Is there ever a right way to use fantasy or role-play in marriage?

Jay Dee

Is there ever a right way to use fantasy or role-play in marriage?

Mar 02, 2015

This question again came from a coaching client, and I thought it was so appropriate in light of the whole 50 Shades of Grey discussion going on in the marriage field these days, that I would write a post with my response. So, is there a

Is there ever a right way to use fantasy or roleplay in marriageThis question again came from a coaching client, and I thought it was so appropriate in light of the whole 50 Shades of Grey discussion going on in the marriage field these days, that I would write a post with my response.

So, is there a right way?  Is all fantasy wrong?  Is role playing okay for Christian marriages?

Solo or shared fantasy?

First thing I think we need to determine is whether we’re talking about a fantasy you are having, or one you are sharing with your spouse.  I think fantasies we keep to ourselves are dangerous.  Typically if we keep something to ourselves, there are two possible reasons:

  1. We know it’s wrong, and we’re afraid if we share it, we’ll be rebuked.
  2. We don’t think our spouse can handle it, so we hold a part of ourselves back from them.

So, if you’re hiding it because you know it’s wrong … well, do we really need to talk about whether or not that’s wrong?  Hopefully not.  You should be working to rid your mind of such fantasies.  Pray for God to take them away, and starve those neuropathways.  Don’t let your mind dwell on those thoughts.  Whenever they pop into your head, deliberately think about something else.

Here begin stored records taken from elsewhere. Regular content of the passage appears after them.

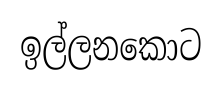
ඉල්ලනකොට
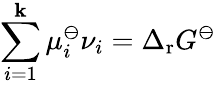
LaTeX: \sum_{i=1}^{\mathbf{k}}\mu_{i}^{\ominus}\nu_{i}=\Delta_{\mathrm{{r}}}G^{\ominus}
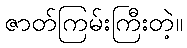
ဇာတ်ကြမ်းကြီးတဲ့။
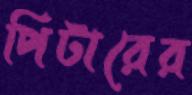
পিটারের
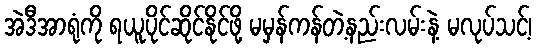
အဲဒီအာရုံကို ရယူပိုင်ဆိုင်နိုင်ဖို့ မမှန်ကန်တဲ့နည်းလမ်းနဲ့ မလုပ်သင့်၊
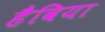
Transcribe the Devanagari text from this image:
हैविया
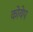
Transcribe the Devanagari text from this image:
कोयेप
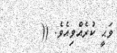
ވަޙީ ކުރެއްވިއެވެ. ((
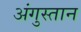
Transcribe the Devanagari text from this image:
अंगुस्तान
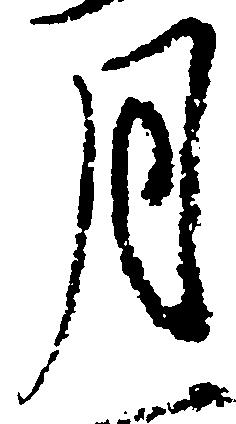
月
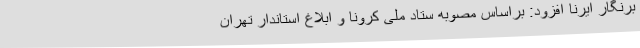
برنگار ایرنا افزود: براساس مصوبه ستاد ملی کرونا و ابلاغ استاندار تهران

On the other hand, if you think your spouse can’t handle it, so you’re hiding a part of yourself … that one gets a bit trickier.  I would submit that if you are hiding a part of yourself, then that’s always a bad thing.  You are denying your spouse knowing who you really are.  You are avoiding true intimacy.  This constitutes a pulling away from your spouse in at least one respect.

That said, there are some marriages where one spouse needs to mature a bit.  They either aren’t able, or willing, to deal with fantasies with activities that are perfectly normal and are not immoral.  But, I think this leads us to the next question:

Who is the fantasy/role-play about?

I’m going to argue that your fantasies should only be about you and your spouse.  Now, some will disagree with me, but I’m going to pull out the go to verse for this topic:

But I tell you that anyone who looks at a woman lustfully has already committed adultery with her in his heart.

Matthew 5:28

Don’t you dare try to tell me that fantasizing about someone is completely different than looking at the real person.  It’s not about the looking, it’s about what’s happening in your brain.  A blind man can lust just as easily as a sighted man.  So, if you are fantasizing about someone other than your spouse, then I think that’s akin to adultery.

But, I’m going to extend this a bit further.  If you are fantasizing about your spouse, with some “tweaks” to either their body, or personality…I’m going to argue that that’s not a true representation of your spouse, and so I’m going to say you are cheating on them in those situations as well.  Why?  Because your fantasy is causing you to want something other than your spouse.

Now, if your spouse is typically not in the mood, and you’re fantasizing together that this day they happen to be all hot and bothered … I don’t think that’s an issue.  I mean, it could happen.  Everyone has good days and bad, right?  But, if you are fantasizing that your spouse, who is typically fairly sex negative and has a low sex drive, now all of a sudden can’t keep their hands off of you and wants sex every hour on the hour … I’d be worried that this fantasy is going to cause you to feel some resentment and treat your real spouse differently.  I don’t think that’s right, do you?

Likewise if your fantasizing that your spouse has different physical features (be it a different weight, height, bust, or other measurements), I’d be concerned that you’re not really fantasizing about yours spouse, but instead entertaining the idea of being with someone else.

What situations are you fantasizing about?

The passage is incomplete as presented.